There are plenty of challenging issues and questions around this topic. Here are a few:

Anonymization

Are big datasets actually anonymous? Anonymisation is incredibly hard. This isn’t a new problem (Ars Technica had a great overview in 2009) although it gets more challenging as more data is available, openly or otherwise, as more data which can be cross-correlated means anonymisation is more easily breached.

Releasing Value

There’s a lot of value in personal data – Boston Consulting Group claim €1tn. But even BCG point out that this value can only be realised if the processes around personal data are more transparent. Perhaps we can aspire to more than transparency, and have some degree of personal control, too.

Governments

Governments are starting to offer some proposals here such as “MiData” in the UK. This is a good start but do they really serve the citizen? There’s also some proposed legislation to drive companies to give consumers the right to see their data. But is access enough? The consumer doesn’t own their data (even when they have “MiData”-style access to it), so can they publish it under an open licence if they wish?

Whose data is it anyway?

Computers, phones, energy monitors in my home, and so on, aren’t all personal to me. They are used by friends and family. It’s hard to know whose data is involved in many cases. I might want privacy from others in my household, not just from anonymous corporations.
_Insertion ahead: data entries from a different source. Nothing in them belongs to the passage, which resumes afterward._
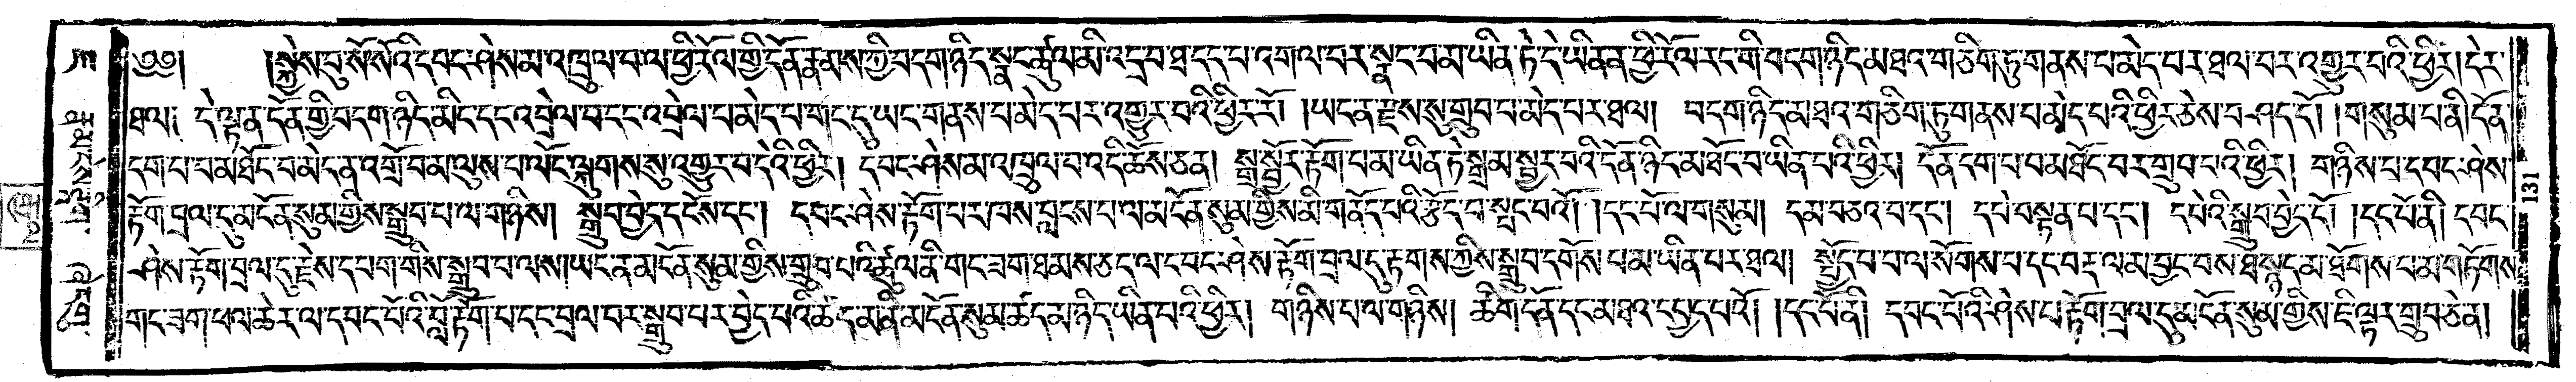༄༅། །སྐྱེས་བུ་སོ་སོའི་དབང་ཤེས་མ་འཁྲུལ་བ་ལ་ཕྱི་རོལ་གྱི་དོན་རྣམས་ཀྱི་བདག་ཉིད་སྣང་ཚུལ་མི་འདྲ་བ་ཐ་དད་པ་འགལ་བར་སྣང་བ་མ་ཡིན་ཏེ་དེ་ཡིན་ན་ཕྱི་རོལ་རང་གི་བདག་ཉིད་མཐའ་གཅིག་ཏུ་གནས་པ་མེད་པར་ཐལ་བར་འགྱུར་བའི་ཕྱིར། དེར་
ཐལ། དེ་ལྟ་ན་དོན་གྱི་བདག་ཉིད་མིང་དང་འབྲེལ་བ་དང་འབྲེལ་བ་མེད་པ་གང་དུ་ཡང་གནས་པ་མེད་པར་འགྱུར་བའི་ཕྱིར་རོ། །ཡང་ན་རྫས་སུ་གྲུབ་པ་མེད་པར་ཐལ། བདག་ཉིད་མཐའ་གཅིག་ཏུ་གནས་པ་མེད་པའི་ཕྱིར་ཅེས་བཤད་དོ། །གསུམ་པ་ནི། དོན་
དག་པ་བ་མཐོང་བ་མེད་ན་འགྲོ་བ་མ་ལུས་པ་ལོང་ལྐུགས་སུ་འགྱུར་བ་དེའི་ཕྱིར། དབང་ཤེས་མ་འཁྲུལ་བ་འདི་ཆོས་ཅན། སྒྲ་སྦྱོར་རྟོག་པ་མ་ཡིན་ཏེ་སྒྲ་མ་སྦྱར་བའི་དོན་ཉིད་མཐོང་བ་ཡིན་པའི་ཕྱིར། དོན་དག་པ་བ་མཐོང་བར་གྲུབ་པའི་ཕྱིར། གཉིས་པ་དབང་ཤེས་
རྟོག་བྲལ་དུ་མངོན་སུམ་གྱིས་སྒྲུབ་པ་ལ་གཉིས། སྒྲུབ་བྱེད་དངོས་དང་། དབང་ཤེས་རྟོག་པར་ཁས་བླངས་པ་ལ་མངོན་སུམ་གྱིས་མི་གནོད་པའི་རྩོད་པ་སྤང་བའོ། །དང་པོ་ལ་གསུམ། དམ་བཅའ་བ་དང་། དཔེ་བསྟན་པ་དང་། དཔེའི་སྒྲུབ་བྱེད་དོ། །དང་པོ་ནི། དབང་
ཤེས་རྟོག་བྲལ་དུ་རྗེས་དཔག་གིས་སྒྲུབ་པ་ལས། ཡང་ན་མངོན་སུམ་གྱིས་གྲུབ་པའི་ཚུལ་ནི་གང་ཟག་ཐམས་ཅད་ལ་དབང་ཤེས་རྟོག་བྲལ་དུ་རྟགས་ཀྱིས་སྒྲུབ་དགོས་པ་མ་ཡིན་པར་ཐལ། སྤྱོད་པ་བ་ལ་སོགས་པ་དང་བརྡ་ལམ་བྱང་བས་ཐ་སྙད་མ་ཐོགས་པ་མ་གཏོགས་
གང་ཟག་ཕལ་ཆེར་ལ་དབང་པོའི་བློ་རྟོག་པ་དང་བྲལ་བར་སྒྲུབ་པར་བྱེད་པའི་ཚད་མ་ནི་མངོན་སུམ་ཚད་མ་ཉིད་ཡིན་པའི་ཕྱིར། གཉིས་པ་ལ་གཉིས། ཚིག་དོན་དང་མཐའ་དཔྱད་པའོ། །དང་པོ་ནི། དབང་པོའི་ཤེས་པ་རྟོག་བྲལ་དུ་མངོན་སུམ་གྱིས་ཇི་ལྟར་གྲུབ་ཅེ་ན།
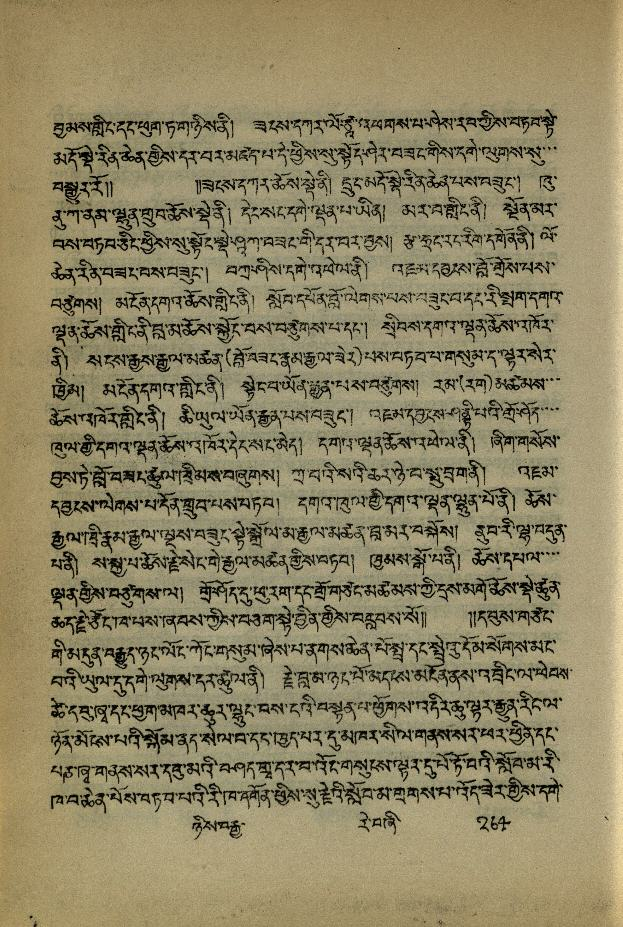བྱམས་གླིང་དང་ཕུག་ཏ་གཉིས་ནི། ཟངས་དཀར་ལོ་ཙཱ་འཕགས་པ་ཤེས་རབ་ཀྱིས་བཏབ་སྟེ་
མདོ་སྡེ་རིན་ཆེན་གྱིས་དར་བར་མཛད་པ་དེ་ཕྱིས་སུ་སྟོད་ཤེར་བཟང་གིས་དགེ་ལུགས་སུ་
བསྒྱུར་རོ།། །།ཟངས་དཀར་ཆོས་སྡེ་ནི། དྲུང་མདོ་སྡེ་རིན་ཆེན་པས་བཟུང་། ཁུ་
ནུ་ཀ་ནམ་ལྷུན་གྲུབ་ཆོས་སྡེ་ནི། དེང་སང་དགེ་ལྡན་པ་ཡིན། མར་བ་གླིང་ནི། སྔོན་མར་
བས་བཏབ་ཅིང་ཕྱིས་སུ་སྟོང་སྡེ་ཤཱཀ་བཟང་གི་དར་བར་བྱས། རྩ་ཧྲང་རང་རིག་དགོན་ནི། ལོ་
ཆེན་རིན་བཟང་བས་བཟུང་། བཀྲ་ཤིས་དགེ་འཕེལ་ནི། འཇམ་དབྱངས་བློ་གྲོས་པས་
བཙུགས། མངོན་དགའ་ཆོས་གླིང་ནི། སློབ་དཔོན་བློ་ལེགས་པས་བཟུང་བ་དང་རི་སྤག་དགའ་
ལྡན་ཆོས་གླིང་ནི་བླ་མ་ཆོས་སྐྱོང་བས་བཙུགས་པ་དང་། སྲིབས་དགའ་ལྡན་ཆོས་འཁོར་
ནི། སངས་རྒྱས་རྒྱལ་མཚན་བློ་བཟང་རྣམ་རྒྱལ་ཟེར་པས་བཏབ་པ་གསུམ་ད་ལྟར་སེར་
ཁྱིམ། མངོན་དགའ་གླིང་ནི། སྟེང་བ་ཡོན་རྒྱན་པས་བཙུགས། རམ་རག་མཚམས་
ཆོས་འཁོར་གླིང་ནི། ཆི་ཡུལ་ཡོན་རྒྱན་པས་བཟུང་། འཇམ་དབྱངས་ཤ་ནྟི་པའི་གྲོ་ཤོད་
ཁུལ་གྱི་དགའ་ལྡན་ཆོས་འཁོར་དེང་སང་མེད། དགའ་ལྡན་ཆོས་འཕེལ་ནི། ཞིག་གསོས་
བྱས་ཏེ་བློ་བཟང་ཚུལ་ཁྲིམས་བཞུགས། ཀྲ་བའི་སའི་ཆར་ཉེ་བ་སྤུ་བྲག་ནི། འཇམ་
དབྱངས་ལེགས་པ་དོན་གྲུབ་པས་བཏབ། དགའ་ཁུལ་གྱི་དགའ་ལྡན་ལྷུན་པོ་ནི། ཆོས་
རྒྱལ་ཁྲི་རྣམ་རྒྱལ་ལྔས་བཟུང་སྟེ་སྒྲོལ་མ་རྒྱལ་མཚན་བླ་མར་བསྐོས། ནུབ་རི་ལྷ་བདུན་
པ་ནི། ས་སྐྱ་པ་ཆོས་རྗེ་སེང་གེ་རྒྱལ་མཚན་གྱིས་བཏབ། ཁྱམས་སྒོ་པ་ནི། ཆོས་དཔལ་
ལྡན་གྱིས་བཙུགས་ལ། གྲོ་ཤོད་དུ་ཕུ་རག་དང་གྲོ་གཙང་མཚམས་ཀྱི་དྲས་མགོ་ཆོས་སྡེ་ཚུན་
ཆད་རྗེ་ཙོང་ཁ་པས་ཞབས་ཀྱིས་བཅག་སྟེ་བྱིན་གྱིས་བརླབས་སོ།། །།དབུས་གཙང་
གི་མདུན་བརྒྱུད་ཉང་ལོང་ཀོང་གསུམ་ཞེས་པ་ནགས་ཆེན་པོ་སྤྲ་དང་སྤྲེའུ་དོམ་སོགས་མང་
བའི་ཡུལ་དུ་དགེ་ལུགས་དར་ཚུལ་ནི། རྗེ་བླ་མ་ཉང་པོ་མདངས་མངོན་ནས་འབྲིང་ལ་ཕེབས་
ཚེ་དབུ་ཞྭ་དང་ཕྱག་མཁར་ཆུར་ལྷུང་བས་ངའི་བསྟན་པ་ཕྱོགས་འདིར་ཆུ་ལྟར་རྒྱུན་རིང་ལ་
ཉོན་མོངས་པའི་སྐོམ་ནད་སེལ་བ་དང་ཁྱད་པར་དུ་མཁར་སིལ་གནས་སར་ཕར་ཕྱིན་དང་
པཎ་ཞྭ་གནས་སར་དབུ་མའི་བཤད་གྲྭ་དར་བ་འོང་གསུངས་ལྟར་དུ་པོ་ཏོ་བའི་སློབ་མ་རི་
ཁ་བ་ཆེན་པོས་བཏབ་པའི་རི་ཁ་དགོན་ཕྱིས་སུ་རྗེའི་སློབ་མ་གྲགས་པ་འོད་ཟེར་གྱིས་དགེ་

This gets even more complicated when we consider the public sphere – surveillance cameras and internet of things sensors are gathering data in public places, about groups of independent people. Can the people whose images or information are being captured access or control or share this data, and how can they collaborate on this? How can consent be secured in these situations? Do we have to accept that some information simply cannot be private in a networked world? (Some of these issues were raised at the Open Internet of Things Assembly in 2012, which lead to a draft declaration. The declaration doesn’t indicate the breadth of complex issues around data creation and processing which were hotly debated at the assembly.)

MyData Principles

We will need clear principles. Perhaps, just as the Open Definition has help clarify and shape the open data space, we need analogous “MyData” Principles which set out how personal data should be handled. These could include, for example:
  • That my data should be made available to me in machine-readable bulk form
  • That I should have right to use that data as I wish (including using, reusing and redistribution if I so wish).
  • That none of my data (where it contains personal information) should be made open without my full consent.